Op-Ed: L.A. County’s juvenile facilities need leaders willing to fix a broken system

LOS ANGELES-CA-JULY 23, 2014: Services Director Melissa Stutenroth passes through an old walkway at
A Probation Department staff member passes through an old walkway at Central Juvenile Hall in Los Angeles on July 23, 2014.
(Christina House / Los Angeles Times)

There is a video online of Los Angeles County Probation Chief Terri McDonald addressing a gathering of women in criminal justice last year where she describes how she arrived at her career choice. She jovially tells the packed auditorium that she didn’t go into corrections because of a “profound desire to heal human beings,” but rather because she “played softball with some women who were prison guards and they drove nice cars.”

Although she went on in her speech to say she has come to approach corrections with compassion, her initial laugh line reveals a lot about the woman who runs the largest and highest-profile youth detention program in the world. As the guardian of thousands of youths from backgrounds saturated with trauma, McDonald should realize there is little room for humor in discussing her motivation, especially when she and her second in command over juveniles, Chief Deputy Probation Officer Sheila Mitchell, preside over a failing system.

For the record:
9:15 AM, May. 28, 2019 An earlier version of this article said that oversight of children in detention often falls to deputy service officers. It should have said detention service officers. Also, the article said the Board of Supervisors has ordered the use of pepper spray to be phased out in juvenile detention facilities by the end of 2020. The supervisors have ordered it phased out by the end of 2019, although the department recently notified the board it would not fully eliminate use of the spray until the end of 2020.
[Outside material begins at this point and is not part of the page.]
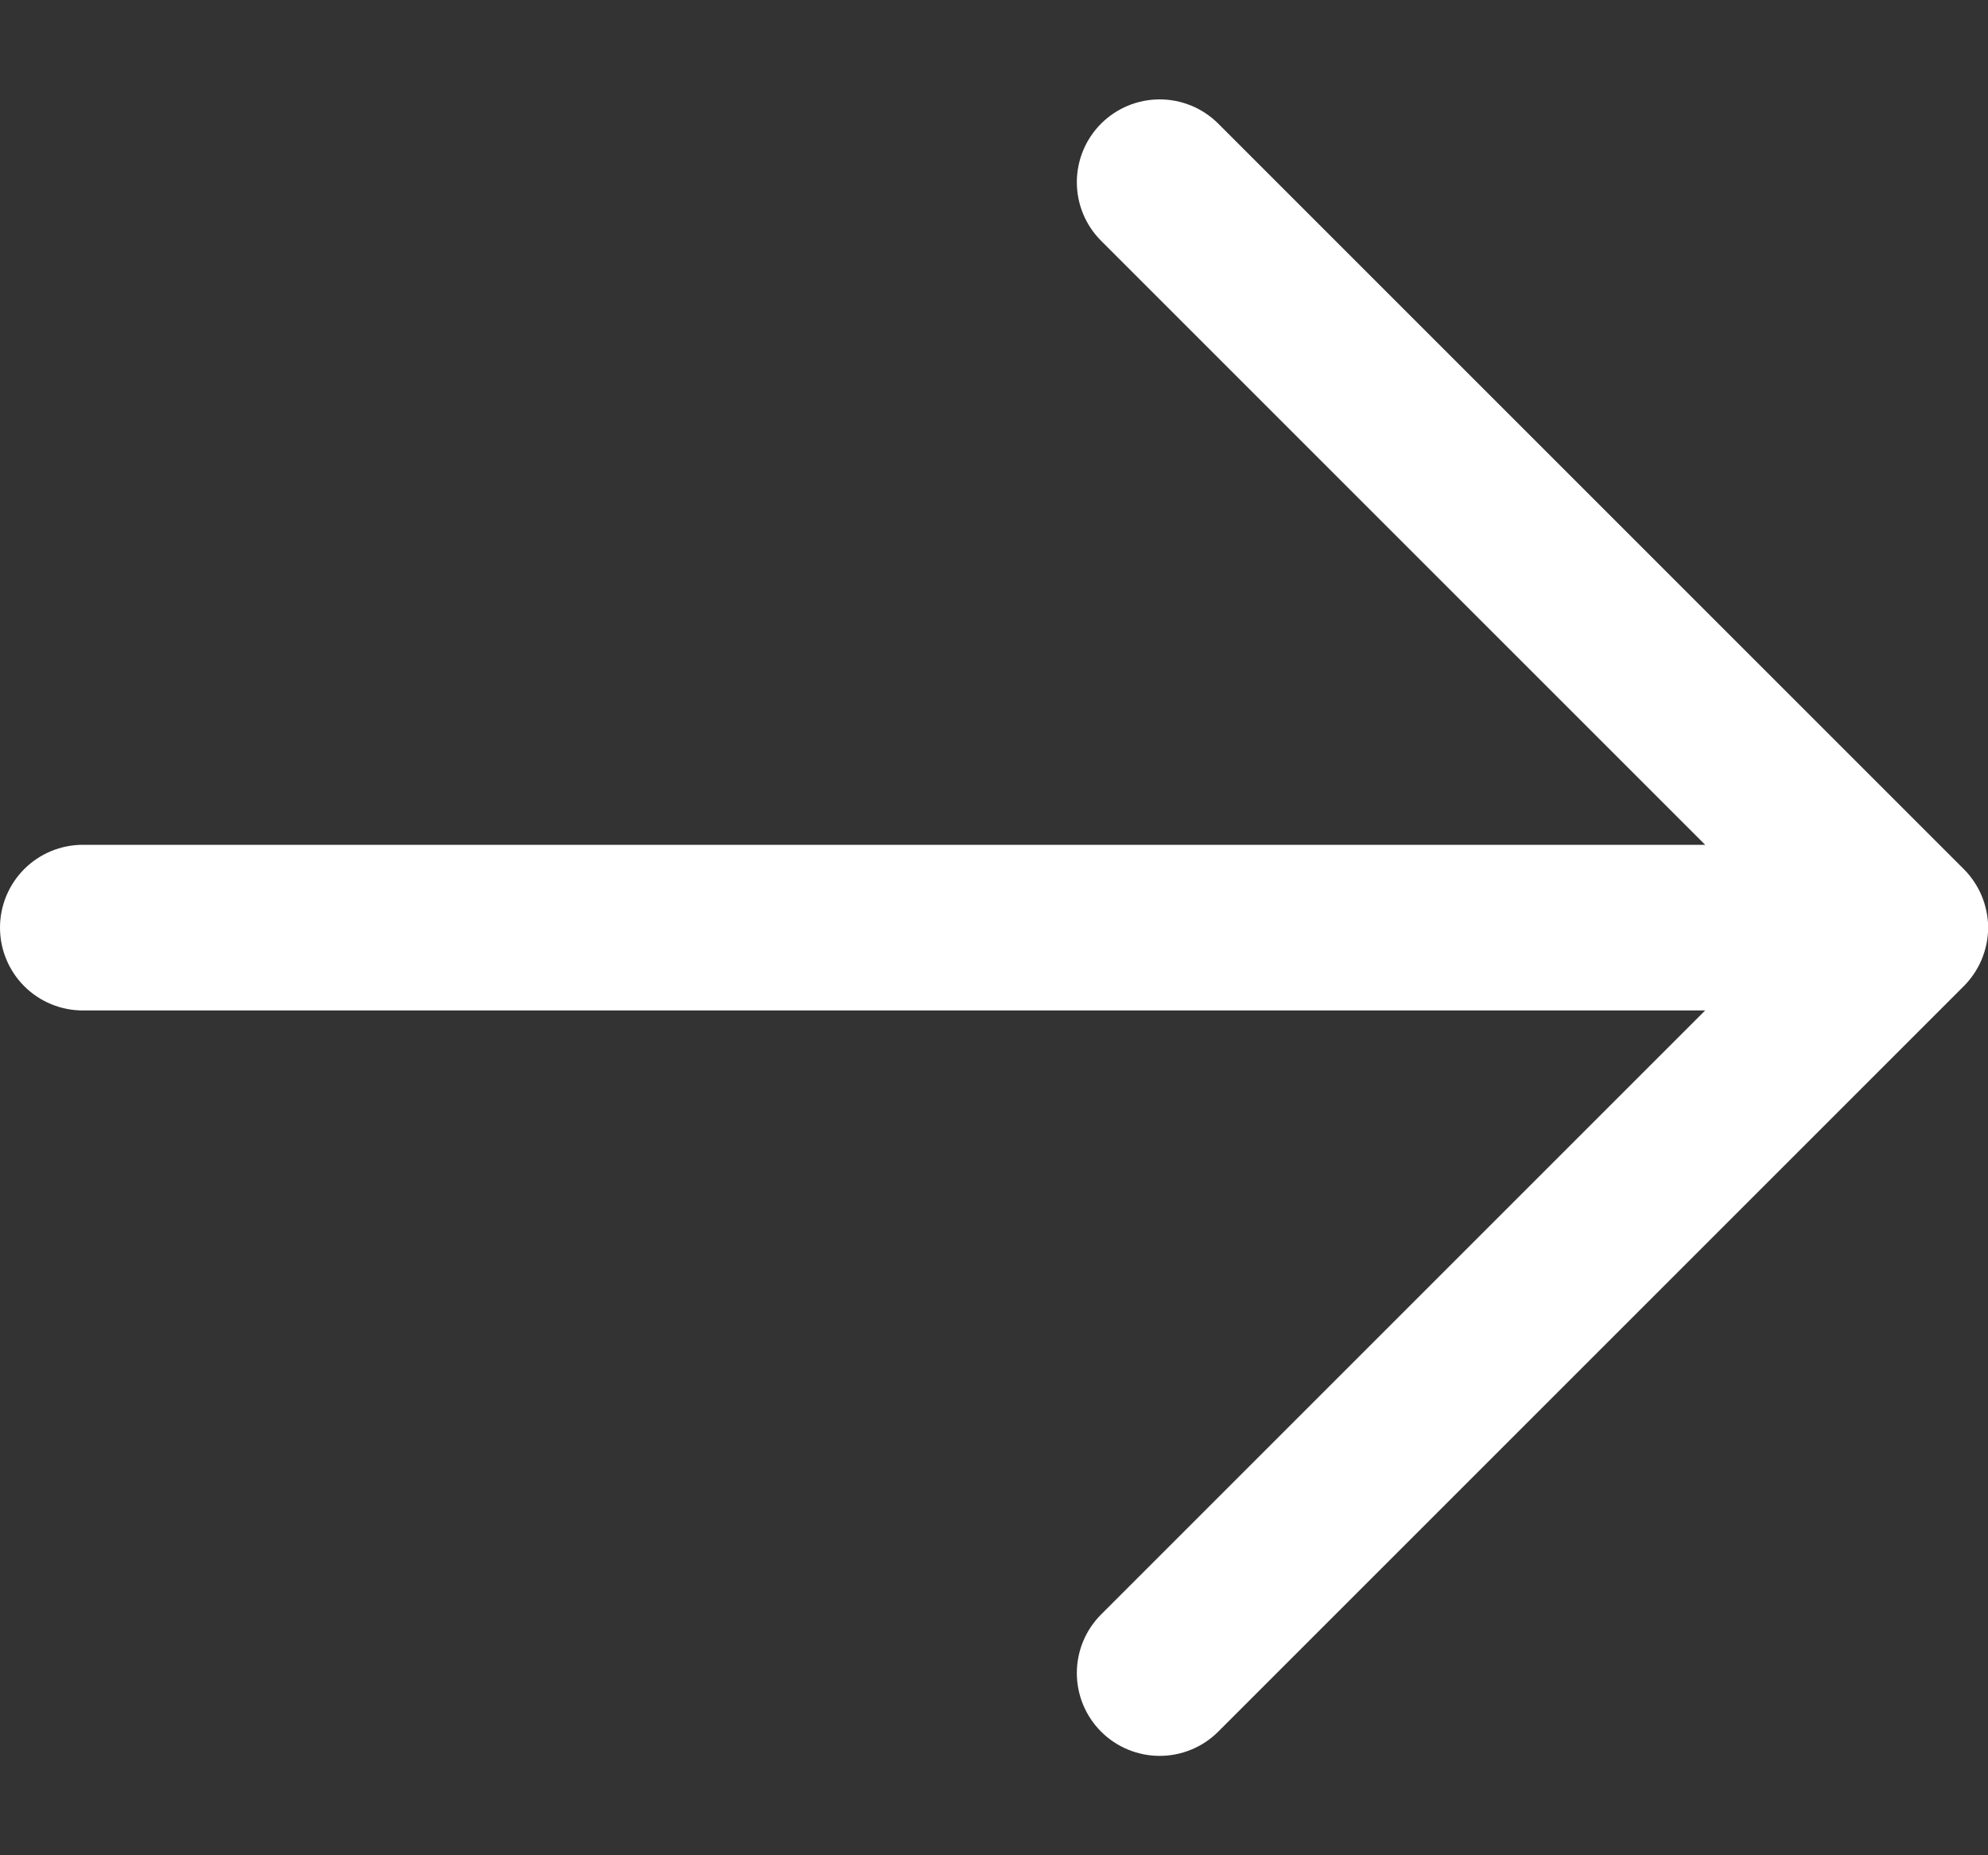 <svg width="15" height="14" viewBox="0 0 15 14" fill="none" xmlns="http://www.w3.org/2000/svg">
<rect x="0" y="0" width="15" height="14" fill="#333333" stroke="none"/>
<path d="M14.817 7.442L9.192 13.067C9.075 13.184 8.916 13.25 8.75 13.25C8.584 13.25 8.425 13.184 8.308 13.067C8.191 12.95 8.125 12.791 8.125 12.625C8.125 12.459 8.191 12.3 8.308 12.183L12.866 7.625H0.625C0.459 7.625 0.3 7.559 0.183 7.442C0.066 7.325 0 7.166 0 7C0 6.834 0.066 6.675 0.183 6.558C0.3 6.441 0.459 6.375 0.625 6.375H12.866L8.308 1.817C8.191 1.7 8.125 1.541 8.125 1.375C8.125 1.209 8.191 1.05 8.308 0.933C8.425 0.816 8.584 0.75 8.75 0.75C8.916 0.75 9.075 0.816 9.192 0.933L14.817 6.558C14.875 6.616 14.921 6.685 14.953 6.761C14.984 6.837 15.001 6.918 15.001 7C15.001 7.082 14.984 7.163 14.953 7.239C14.921 7.315 14.875 7.384 14.817 7.442Z" fill="white"/>
</svg>

As The Times recently reported, the Probation Department’s halls and camps housing juvenile offenders are in such disarray that large numbers of staffers don’t report for work out of fear. Those who do show up often have to work double shifts, which leads to exhaustion. Riots by detained youths, previously a rarity, now occur with regularity.

The grievance system as constituted is run internally — the fox guarding the hen house, essentially — and it isn’t trusted by the youths.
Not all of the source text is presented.